• _ACTIVITY_:
Each entry has to be set down again with no alteration.

⁂

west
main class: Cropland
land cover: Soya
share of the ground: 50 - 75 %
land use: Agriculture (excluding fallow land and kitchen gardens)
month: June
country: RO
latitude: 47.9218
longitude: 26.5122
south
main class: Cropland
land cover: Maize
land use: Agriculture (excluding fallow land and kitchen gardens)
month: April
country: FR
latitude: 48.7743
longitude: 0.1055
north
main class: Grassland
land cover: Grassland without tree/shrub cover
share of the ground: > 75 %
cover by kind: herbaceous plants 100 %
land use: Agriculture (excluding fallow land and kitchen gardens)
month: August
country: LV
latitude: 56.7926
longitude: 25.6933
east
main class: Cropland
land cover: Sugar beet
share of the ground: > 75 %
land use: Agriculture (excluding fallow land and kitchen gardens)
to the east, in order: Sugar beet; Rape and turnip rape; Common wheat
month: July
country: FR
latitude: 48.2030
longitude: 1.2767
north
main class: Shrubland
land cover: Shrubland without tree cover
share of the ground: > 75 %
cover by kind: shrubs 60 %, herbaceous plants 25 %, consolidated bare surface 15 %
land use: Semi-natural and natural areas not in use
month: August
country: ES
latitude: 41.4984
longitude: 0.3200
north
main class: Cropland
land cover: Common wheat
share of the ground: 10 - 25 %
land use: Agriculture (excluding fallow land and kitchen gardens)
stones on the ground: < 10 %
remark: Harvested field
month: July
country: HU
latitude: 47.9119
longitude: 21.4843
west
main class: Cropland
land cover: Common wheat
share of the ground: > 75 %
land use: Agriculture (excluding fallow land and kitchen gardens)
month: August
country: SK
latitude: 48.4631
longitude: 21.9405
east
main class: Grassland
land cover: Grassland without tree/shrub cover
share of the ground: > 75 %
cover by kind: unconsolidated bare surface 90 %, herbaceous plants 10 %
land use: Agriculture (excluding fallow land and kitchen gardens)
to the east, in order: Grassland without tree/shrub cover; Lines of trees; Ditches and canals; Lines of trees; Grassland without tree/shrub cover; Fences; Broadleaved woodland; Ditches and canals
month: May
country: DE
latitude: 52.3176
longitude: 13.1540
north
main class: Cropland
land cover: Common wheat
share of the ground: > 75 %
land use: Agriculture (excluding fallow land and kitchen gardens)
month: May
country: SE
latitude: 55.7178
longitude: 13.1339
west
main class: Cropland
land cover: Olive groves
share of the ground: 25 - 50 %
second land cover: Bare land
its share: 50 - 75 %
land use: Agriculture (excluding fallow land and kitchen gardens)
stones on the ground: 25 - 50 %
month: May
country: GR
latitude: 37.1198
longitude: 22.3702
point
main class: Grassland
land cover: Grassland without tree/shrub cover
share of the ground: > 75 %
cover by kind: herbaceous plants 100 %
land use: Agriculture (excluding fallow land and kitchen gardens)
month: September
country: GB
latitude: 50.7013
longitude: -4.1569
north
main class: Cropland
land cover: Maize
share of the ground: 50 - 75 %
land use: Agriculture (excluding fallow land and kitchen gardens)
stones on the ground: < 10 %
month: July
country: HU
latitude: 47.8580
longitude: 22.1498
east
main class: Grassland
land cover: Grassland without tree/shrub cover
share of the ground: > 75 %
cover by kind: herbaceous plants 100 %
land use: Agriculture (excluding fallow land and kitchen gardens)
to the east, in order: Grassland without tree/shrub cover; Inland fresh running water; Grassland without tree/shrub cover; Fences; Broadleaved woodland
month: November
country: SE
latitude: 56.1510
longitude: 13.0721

⁂

• _OUTPUT OF THE EXERCISE_:
west
main class: Cropland
land cover: Soya
share of the ground: 50 - 75 %
land use: Agriculture (excluding fallow land and kitchen gardens)
month: June
country: RO
latitude: 47.9218
longitude: 26.5122
south
main class: Cropland
land cover: Maize
land use: Agriculture (excluding fallow land and kitchen gardens)
month: April
country: FR
latitude: 48.7743
longitude: 0.1055
north
main class: Grassland
land cover: Grassland without tree/shrub cover
share of the ground: > 75 %
cover by kind: herbaceous plants 100 %
land use: Agriculture (excluding fallow land and kitchen gardens)
month: August
country: LV
latitude: 56.7926
longitude: 25.6933
east
main class: Cropland
land cover: Sugar beet
share of the ground: > 75 %
land use: Agriculture (excluding fallow land and kitchen gardens)
to the east, in order: Sugar beet; Rape and turnip rape; Common wheat
month: July
country: FR
latitude: 48.2030
longitude: 1.2767
north
main class: Shrubland
land cover: Shrubland without tree cover
share of the ground: > 75 %
cover by kind: shrubs 60 %, herbaceous plants 25 %, consolidated bare surface 15 %
land use: Semi-natural and natural areas not in use
month: August
country: ES
latitude: 41.4984
longitude: 0.3200
north
main class: Cropland
land cover: Common wheat
share of the ground: 10 - 25 %
land use: Agriculture (excluding fallow land and kitchen gardens)
stones on the ground: < 10 %
remark: Harvested field
month: July
country: HU
latitude: 47.9119
longitude: 21.4843
west
main class: Cropland
land cover: Common wheat
share of the ground: > 75 %
land use: Agriculture (excluding fallow land and kitchen gardens)
month: August
country: SK
latitude: 48.4631
longitude: 21.9405
east
main class: Grassland
land cover: Grassland without tree/shrub cover
share of the ground: > 75 %
cover by kind: unconsolidated bare surface 90 %, herbaceous plants 10 %
land use: Agriculture (excluding fallow land and kitchen gardens)
to the east, in order: Grassland without tree/shrub cover; Lines of trees; Ditches and canals; Lines of trees; Grassland without tree/shrub cover; Fences; Broadleaved woodland; Ditches and canals
month: May
country: DE
latitude: 52.3176
longitude: 13.1540
north
main class: Cropland
land cover: Common wheat
share of the ground: > 75 %
land use: Agriculture (excluding fallow land and kitchen gardens)
month: May
country: SE
latitude: 55.7178
longitude: 13.1339
west
main class: Cropland
land cover: Olive groves
share of the ground: 25 - 50 %
second land cover: Bare land
its share: 50 - 75 %
land use: Agriculture (excluding fallow land and kitchen gardens)
stones on the ground: 25 - 50 %
month: May
country: GR
latitude: 37.1198
longitude: 22.3702
point
main class: Grassland
land cover: Grassland without tree/shrub cover
share of the ground: > 75 %
cover by kind: herbaceous plants 100 %
land use: Agriculture (excluding fallow land and kitchen gardens)
month: September
country: GB
latitude: 50.7013
longitude: -4.1569
north
main class: Cropland
land cover: Maize
share of the ground: 50 - 75 %
land use: Agriculture (excluding fallow land and kitchen gardens)
stones on the ground: < 10 %
month: July
country: HU
latitude: 47.8580
longitude: 22.1498
east
main class: Grassland
land cover: Grassland without tree/shrub cover
share of the ground: > 75 %
cover by kind: herbaceous plants 100 %
land use: Agriculture (excluding fallow land and kitchen gardens)
to the east, in order: Grassland without tree/shrub cover; Inland fresh running water; Grassland without tree/shrub cover; Fences; Broadleaved woodland
month: November
country: SE
latitude: 56.1510
longitude: 13.0721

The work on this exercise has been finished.